B. Maximize the number of "launches" per full battery charge.
C. Launch to 300ft in less than a minute, preferably around 30 seconds.

Approach using MotoCalc:
1. Enter my sailplane aerodynamic data
2. Pick a 3 cell LiPo battery pack for the best energy density.
3. Following the 50 to 100W per pound rule of thumb, I pick a motor that'll handle on the order of 200W.
4. Pick a gear ratio
5. Select a range of prop diameters and pitches that covers the range of props I can buy from my LHS plus a few other online shops.
6. Generate a static analysis report, for all of the diameter/pitch permutations. Save it as a csv file.

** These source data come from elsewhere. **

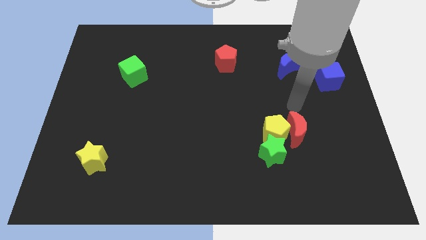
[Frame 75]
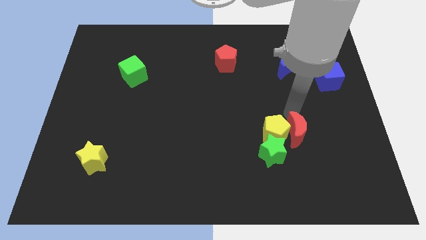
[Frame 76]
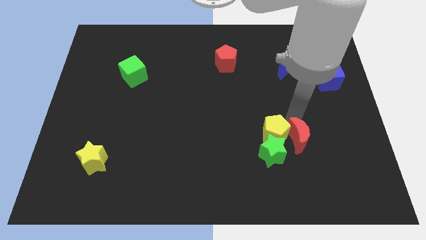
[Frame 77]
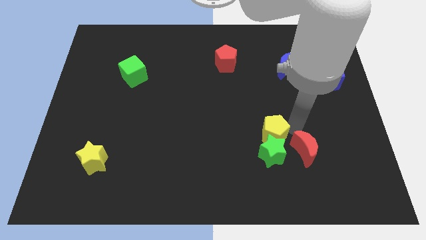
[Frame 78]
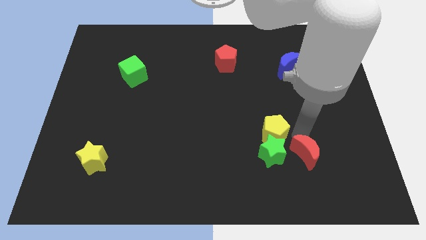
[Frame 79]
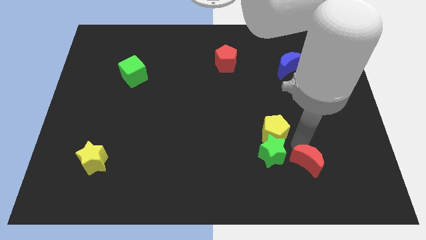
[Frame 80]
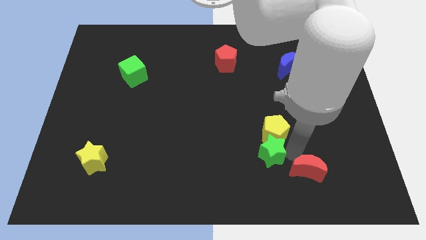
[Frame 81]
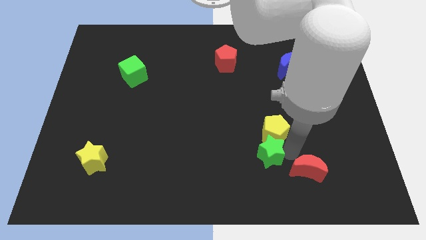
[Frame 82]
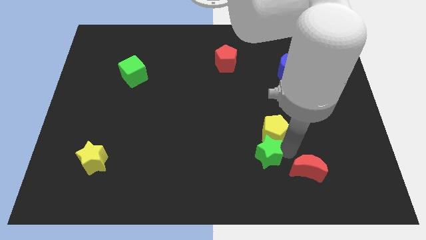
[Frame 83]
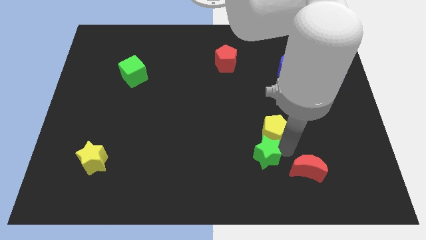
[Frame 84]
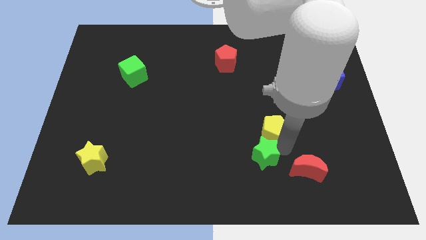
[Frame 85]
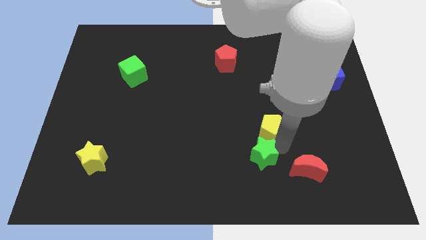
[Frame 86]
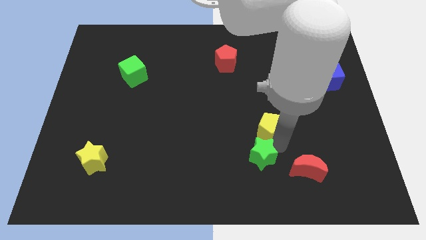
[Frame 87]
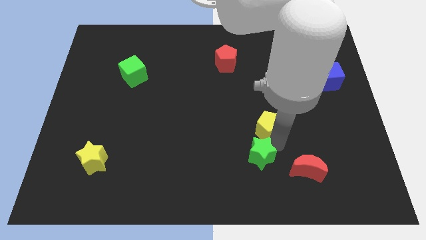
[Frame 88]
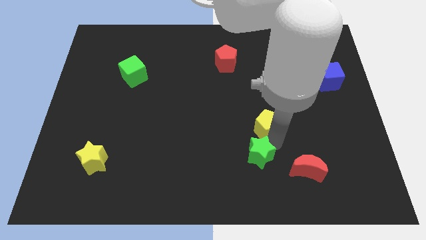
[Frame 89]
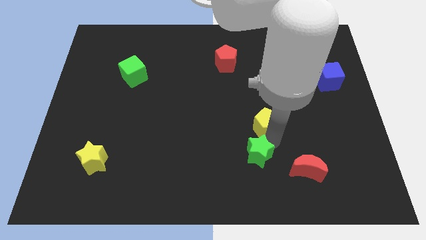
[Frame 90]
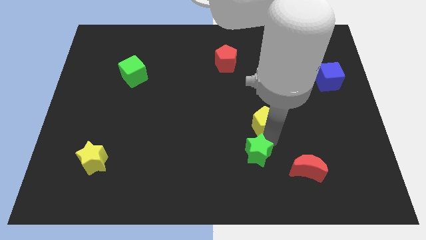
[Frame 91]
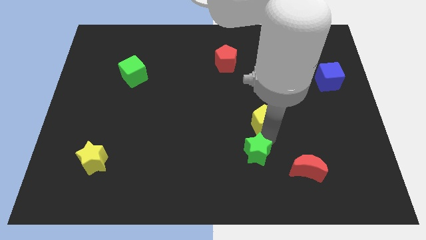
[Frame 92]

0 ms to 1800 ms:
pull the yellow pentagon apart from the red moon and green star

7. Using some speadsheet magic, I open the csv file and filter out the impossible diameter/pitch combinations spewed out by MotoCalc (I wish I could setup MotoCalc to do this for me).

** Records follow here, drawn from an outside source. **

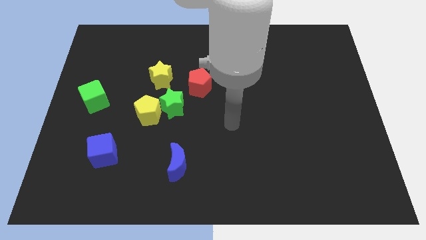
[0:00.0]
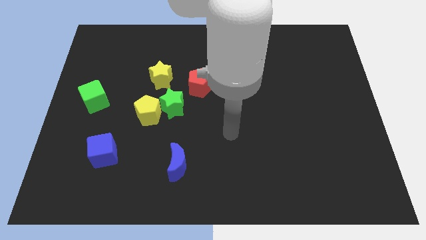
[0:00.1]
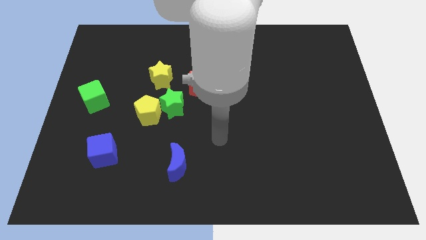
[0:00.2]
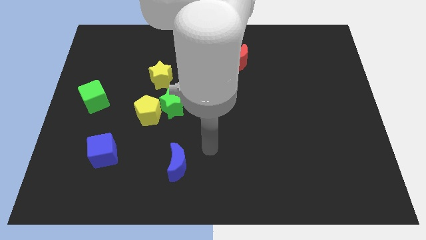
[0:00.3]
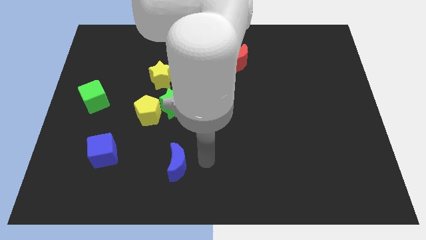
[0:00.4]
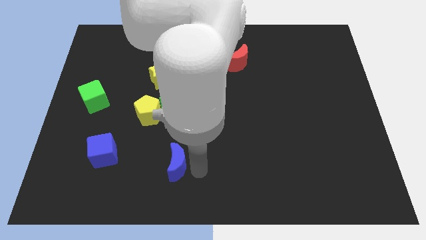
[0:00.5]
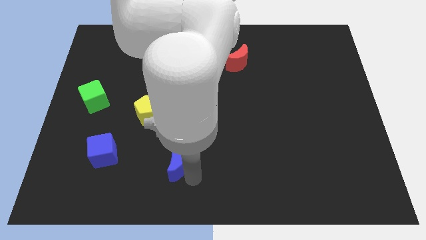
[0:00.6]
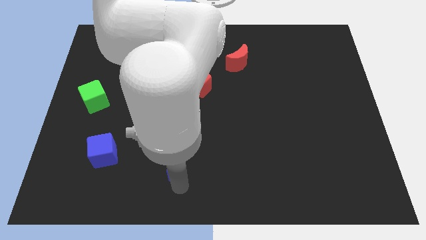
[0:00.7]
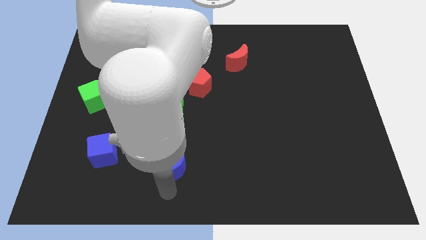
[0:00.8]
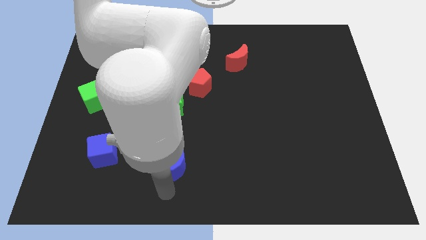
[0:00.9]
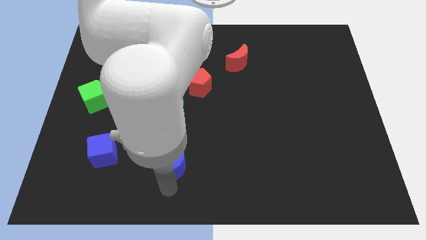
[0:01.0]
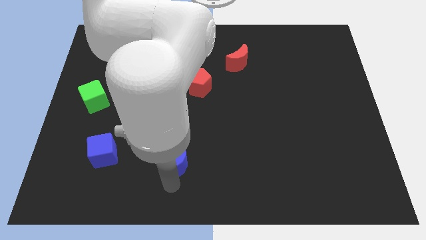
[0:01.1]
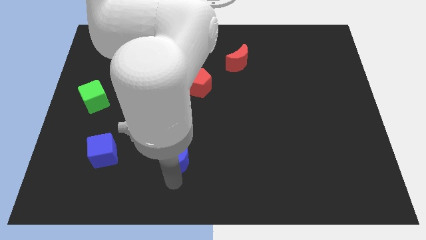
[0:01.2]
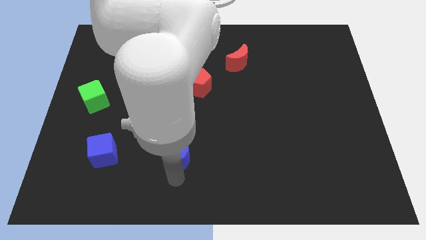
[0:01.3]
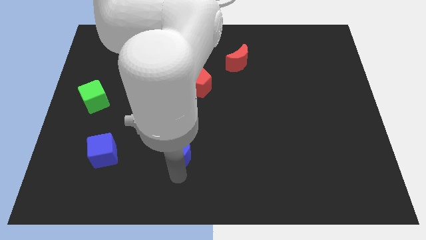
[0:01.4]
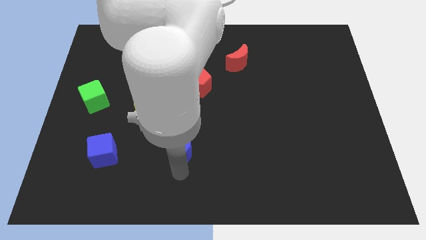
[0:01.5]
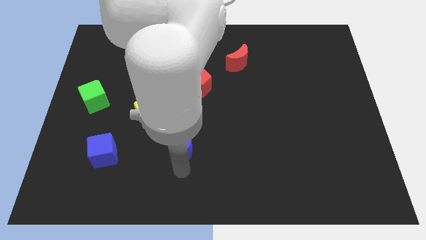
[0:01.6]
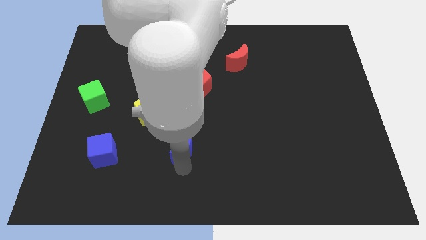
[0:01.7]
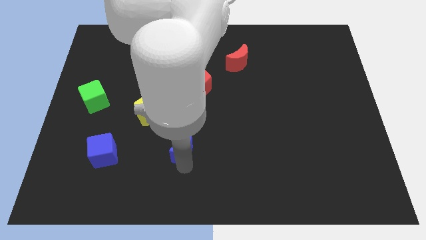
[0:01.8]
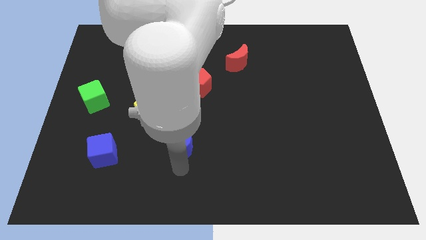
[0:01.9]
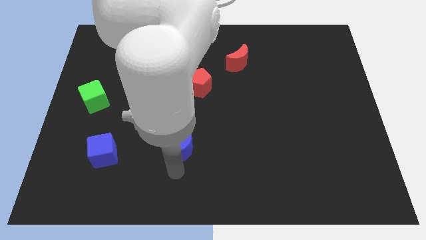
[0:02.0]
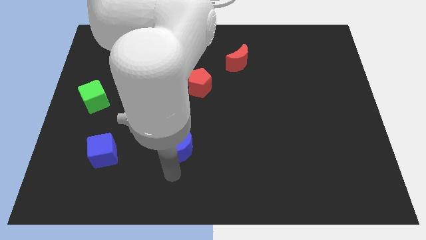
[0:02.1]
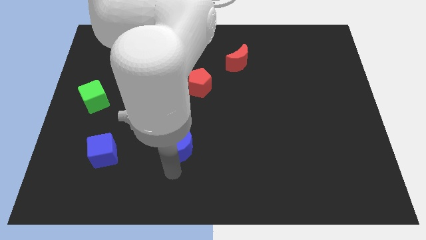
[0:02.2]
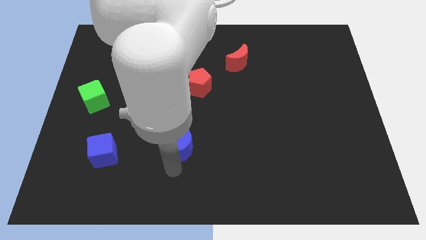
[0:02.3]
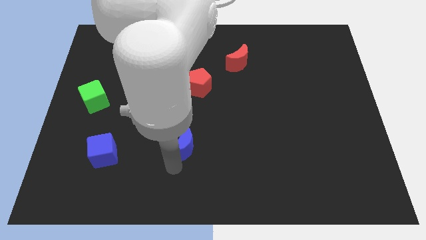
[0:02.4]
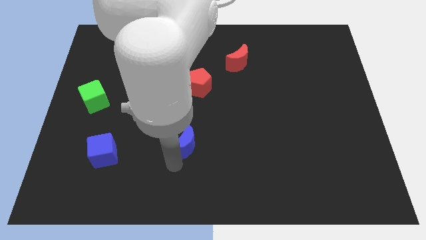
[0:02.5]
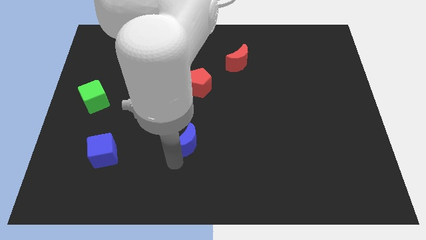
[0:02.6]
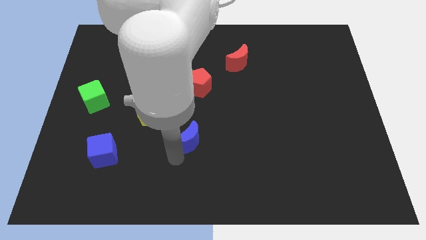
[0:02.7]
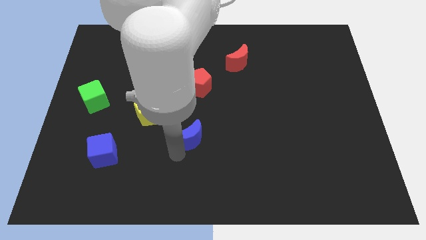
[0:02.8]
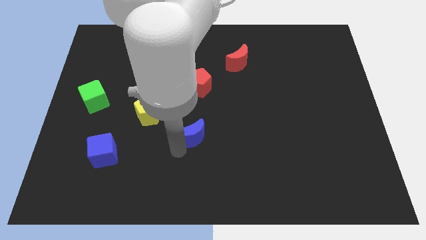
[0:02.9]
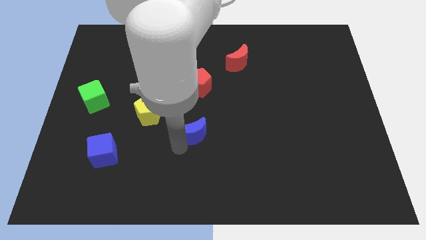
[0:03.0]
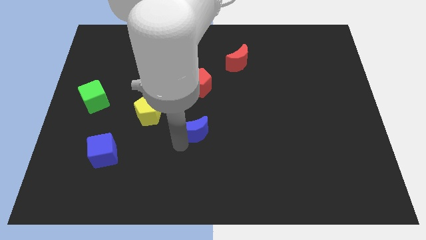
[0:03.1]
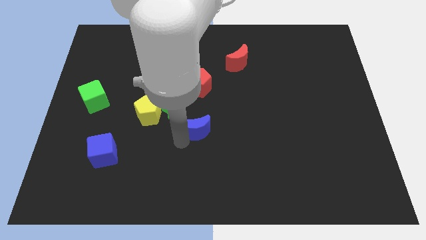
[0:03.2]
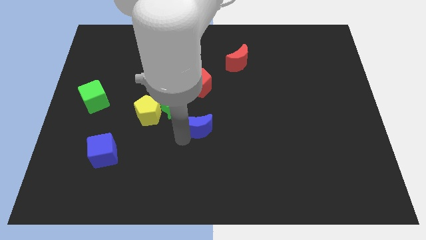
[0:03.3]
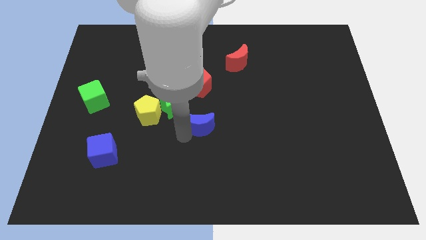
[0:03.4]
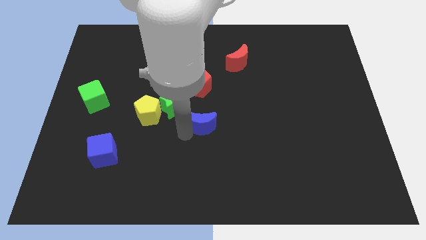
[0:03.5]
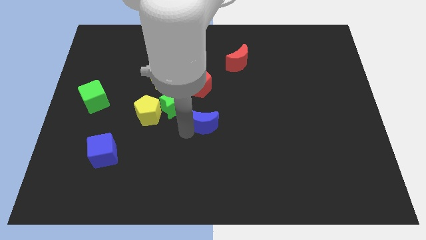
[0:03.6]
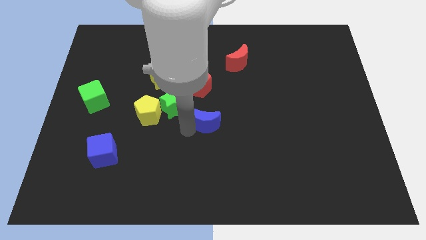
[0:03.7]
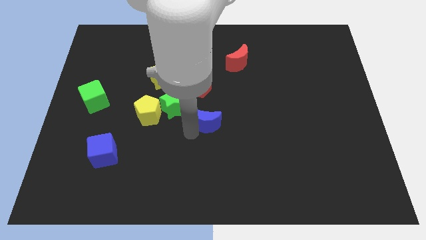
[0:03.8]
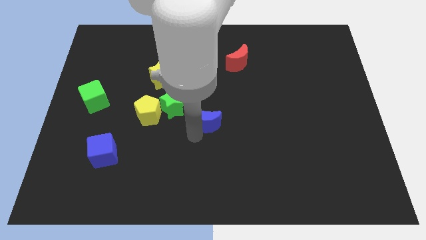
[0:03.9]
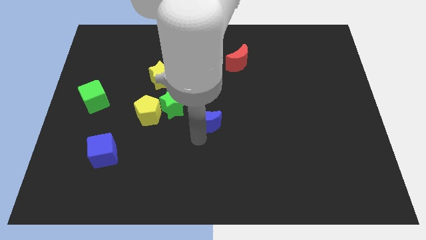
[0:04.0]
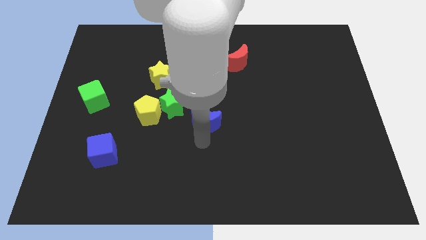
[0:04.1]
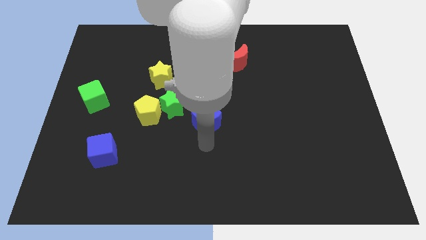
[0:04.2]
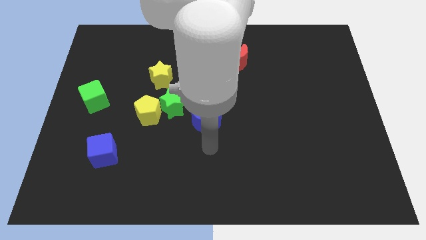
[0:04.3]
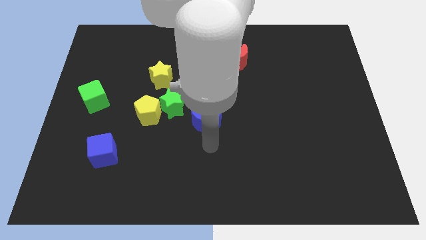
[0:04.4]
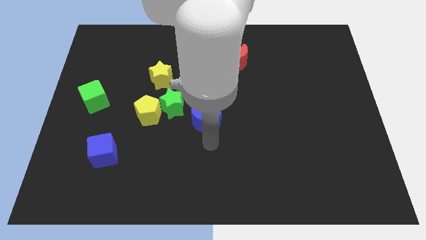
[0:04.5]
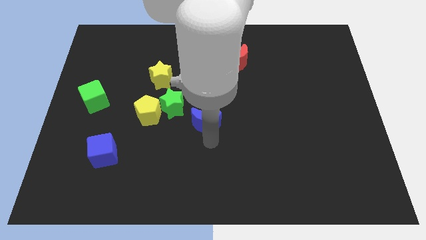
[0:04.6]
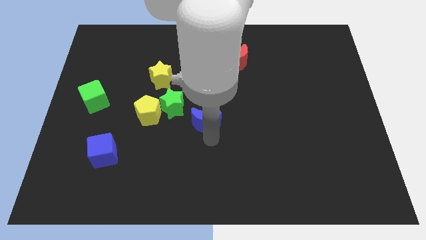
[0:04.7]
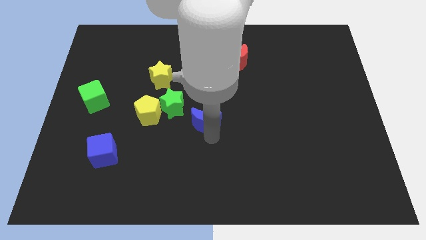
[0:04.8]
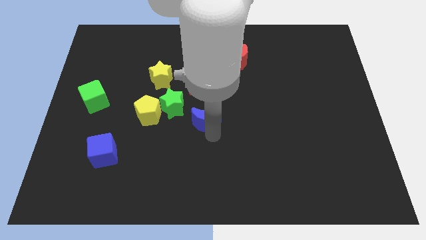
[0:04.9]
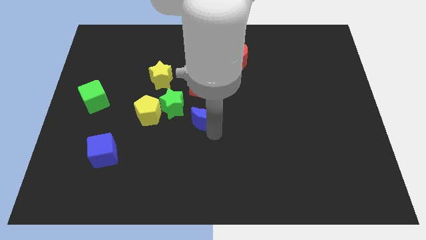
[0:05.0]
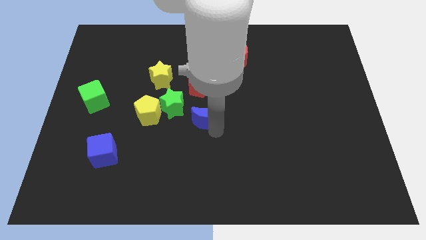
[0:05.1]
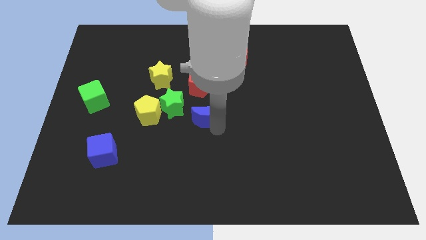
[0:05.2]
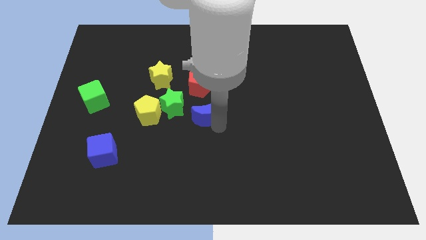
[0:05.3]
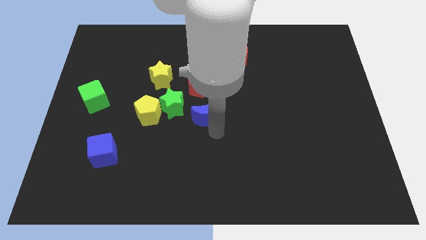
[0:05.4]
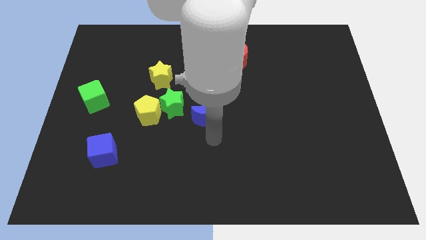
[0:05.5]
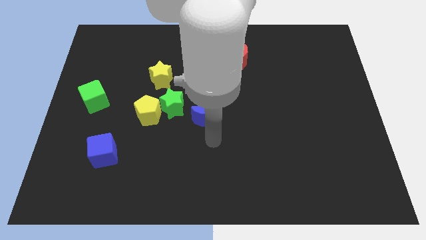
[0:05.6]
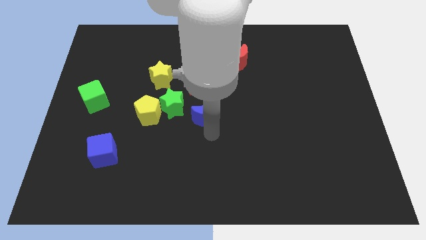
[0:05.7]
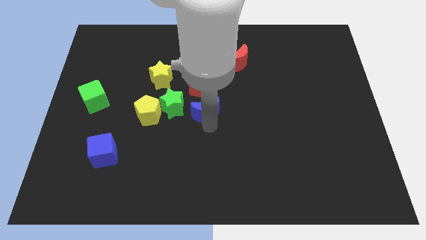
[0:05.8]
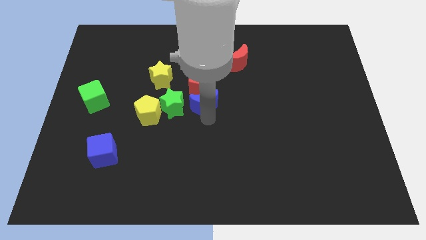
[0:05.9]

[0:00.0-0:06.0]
put the blue moon close to the red pentagon

8. In the spreadsheet, I multiply the Rate of Climb by the flight Time, to get the total climb capacity in feet per charge.
9. I sort the results by my calculated total climb, in descending order. I keep the top one or two results for that particular motor+gear. I append those results in my master list of motor+gear+prop setups.

I repeat this process for different motor + gear ratio combinations.

I'm at my work computer, so I don't have access to my results spreadsheet. When I get back home, I'll post my results.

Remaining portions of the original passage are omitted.